Die beiden wirken erleichtert, als sie Karl-Heinz sehen. Kein Wunder, bieten die Schweine auf der Wiese daneben doch einen sehr ungewöhnlichen und ein wenig bedrohlichen Anblick: Sie laufen wild durcheinander, grunzen und quieken laut, immer wieder schmeißt sich eines zu Boden, um Sekunden später wieder aufzuspringen. Virginia ist dabei eindeutig am wildesten.

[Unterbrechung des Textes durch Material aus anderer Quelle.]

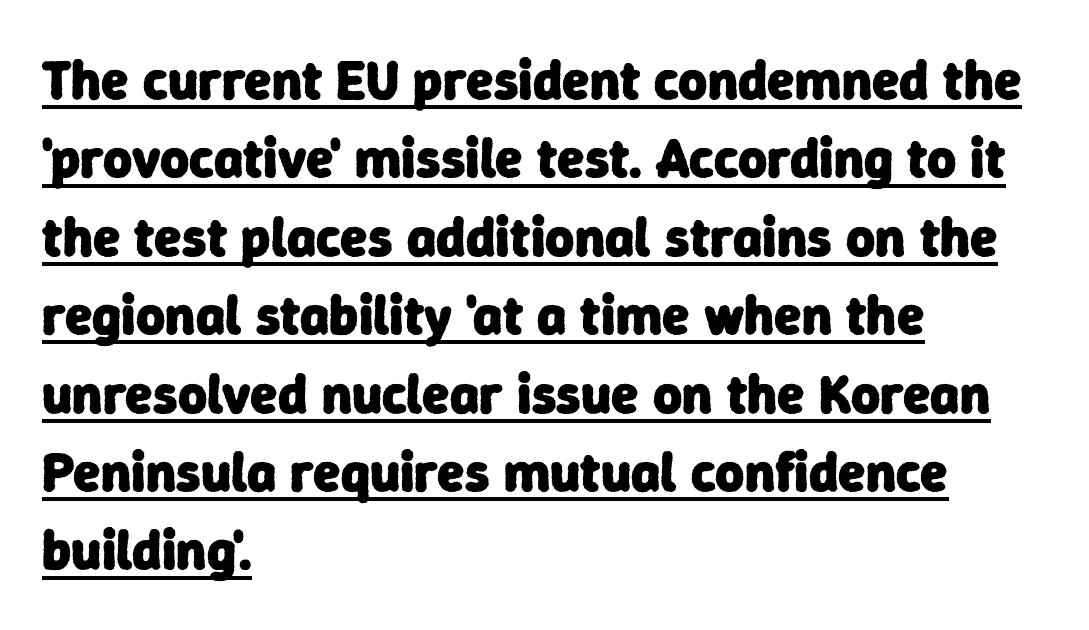
This sample carries an underscore along the baseline area. What kind of face is this? One without serifs — a sans. Proportional: the letters do not fall into vertical columns. Look at the tracking — it's just the regular setting, nothing added. These lines sit exactly where default settings would place them.

»Grüß dich, Kalli! Was ist denn mit deinen Schweinen los?«, will der Mann wissen.
Kalli kratzt sich am Kopf.
»Tja. Wenn ich das wüsste – so habe ich die auch noch nie erlebt. Die sind so laut, die habe ich sogar in der Stube gehört. Seltsam.«
Eine Weile betrachten die drei schweigend die Schweine. Die Show ist auch wirklich toll, ich frage mich nur, warum Virginia und ihre Kollegen sie veranstalten. Ich hatte ihr doch genau erklärt, wann sie Laut geben sollte. Wenn etwas Ungewöhnliches passiert. Unser Besuch sieht allerdings – wie schon erwähnt – völlig normal aus. Da hat mich Virginia wohl nicht richtig verstanden. Offenbar sind Schweine doch nicht schlau. Fast hätte mich Virginia vom Gegenteil überzeugt, aber jetzt stimmt mein Weltbild wieder.
»Sach ma, Jürgen, gibt’s was Bestimmtes, oder warum schaut ihr vorbei?«
»Äh, stimmt, was wollte ich gleich? Tut mir leid, die Schweine machen mich ganz nervös. Bärbel, sach mal, was war das gleich?«
Die Frau macht einen entschlossenen Schritt auf Karl-Heinz zu.
»Du hast doch gestern diesen fremden Wagen abgeschleppt, nech? Hamburger Kennzeichen.«
Karl-Heinz sieht sie erstaunt an.
»Ja, woher weißt du das?«
»Na, ich habe zufälligerweise gerade aus dem Küchenfenster geguckt, als ihr bei uns längs kamt. Und gestern Abend kam doch diese Meldung im Radio …«
Oh, oh, mir schwant Böses! Virginia hat doch Recht. Ich werde nie wieder etwas Abschätziges über Schweine sagen, in Wirklichkeit sind sie superschlau! Ich renne zur Wiese.
»Los, Virginia, gib noch mal alles, sonst sind wir gleich geliefert!«
Wie auf ein geheimes Kommando drehen die Schweine noch einmal richtig auf. Vor allem Virginias Vorstellung ist großartig – sie rennt direkt auf Karl-Heinz, Bärbel und Jürgen zu, stoppt kurz vor dem Zaun und torkelt dann von links nach rechts. Dabei schwankt sie so stark, dass sie fast umfällt.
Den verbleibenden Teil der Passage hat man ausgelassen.